The benefits of a nap can even last for several hours.

Professor Leon Lack from Flinders University explains:

Ten to 15 minutes of sleep seems to be the optimum period in terms of improving mental operations, performance, reaction times and subjective feelings of alertness. And that improvement in performance and alertness seems to be maintained for up to two and sometimes three hours after the nap. Interestingly, the five-minute nap just didn’t produce the same amount of improvement, while longer naps of 25 to 30 minutes led to subjects being somewhat drowsy and less alert for up to an hour after the nap.

A power nap is magical. It’s the most effective way to wake up and refresh your mind when you’re feeling tired and sluggish.

Moderate-duration nap taken during the usual post-lunch dip can significantly improve how you work.

The Wall Street Journal offers recommendations for planning your perfect nap, including how long to nap and when.

“For a quick boost of alertness, experts say a 10-to-20-minute power nap is adequate for getting back to work in a pinch.

“For cognitive memory processing, however, a 60-minute nap may do more good, Dr. Mednick said. Including slow-wave sleep helps with remembering facts, places and faces.
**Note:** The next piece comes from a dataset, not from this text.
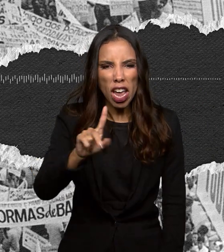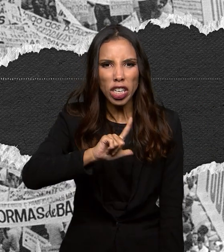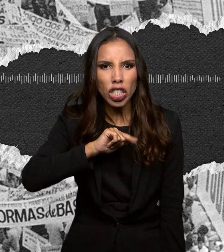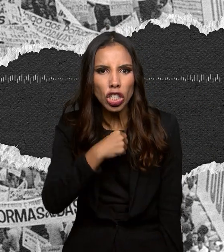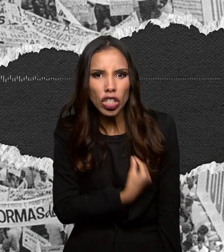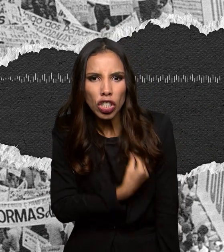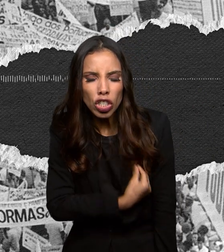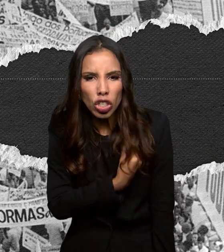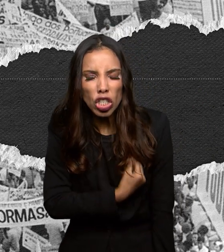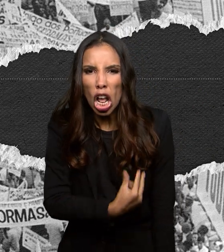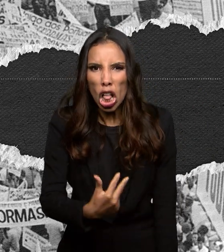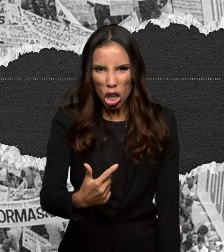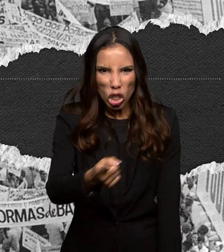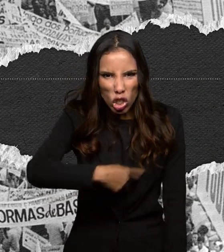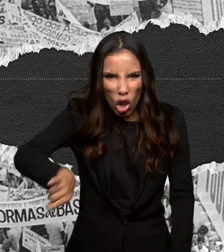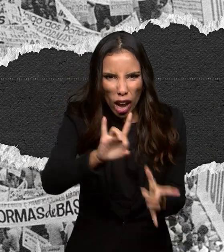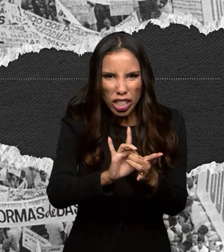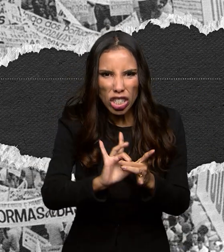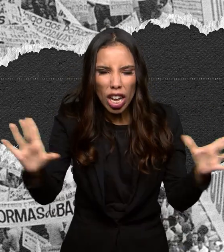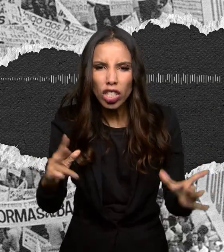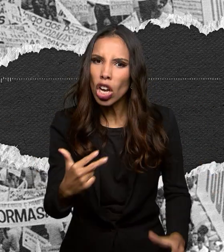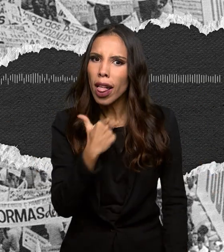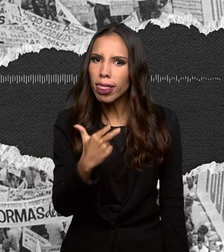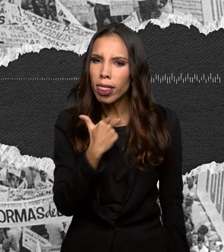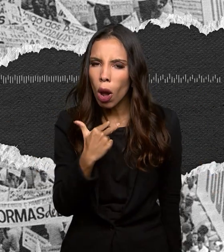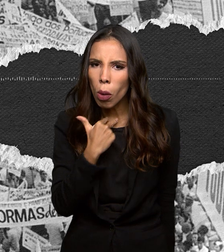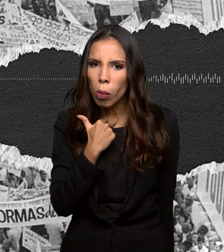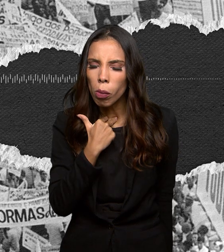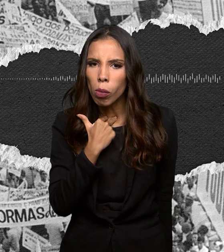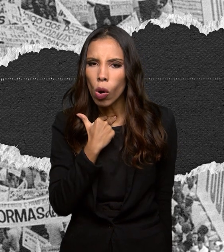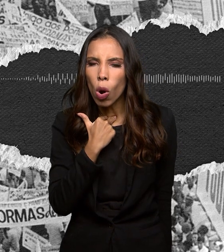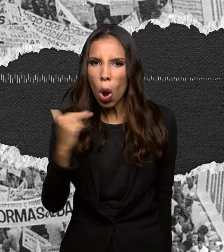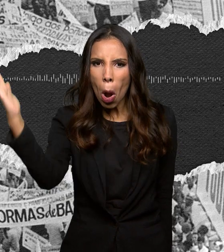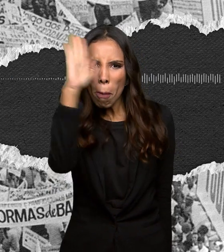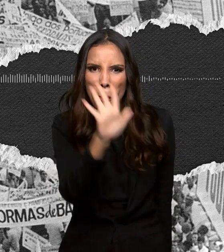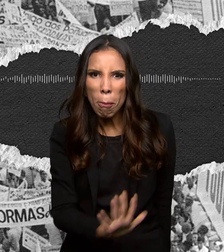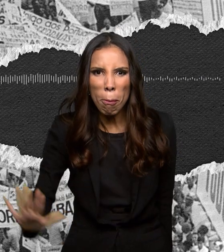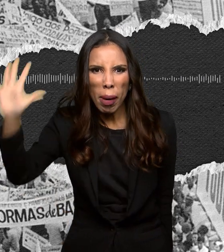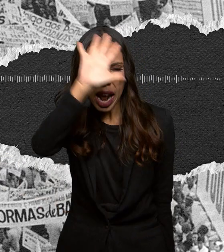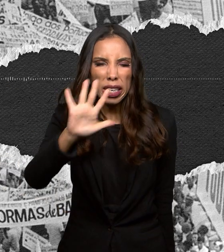permitir que o Brasil fique sem governo abandonado.

The downside: some grogginess upon waking.

“Finally, the 90-minute nap will likely involve a full cycle of sleep, which aids creativity and emotional and procedural memory, such as learning how to ride a bike. Waking up after REM sleep usually means a minimal amount of sleep inertia, Dr. Mednick said.”

The National Sleep Foundation suggests that a short nap of 20 to 30 minutes is best for “short-term alertness,” providing significant benefits for improved focus without leaving you feeling groggy or interfering with sleep.

For a perfect nap, find a restful, cool, dark place to lie down in, without any noise or distraction. Or invest in a sleep mask you can keep in the office. Earplugs might help, too.

The trick, is to work out what kind of nap suits you best and stick with it if you can.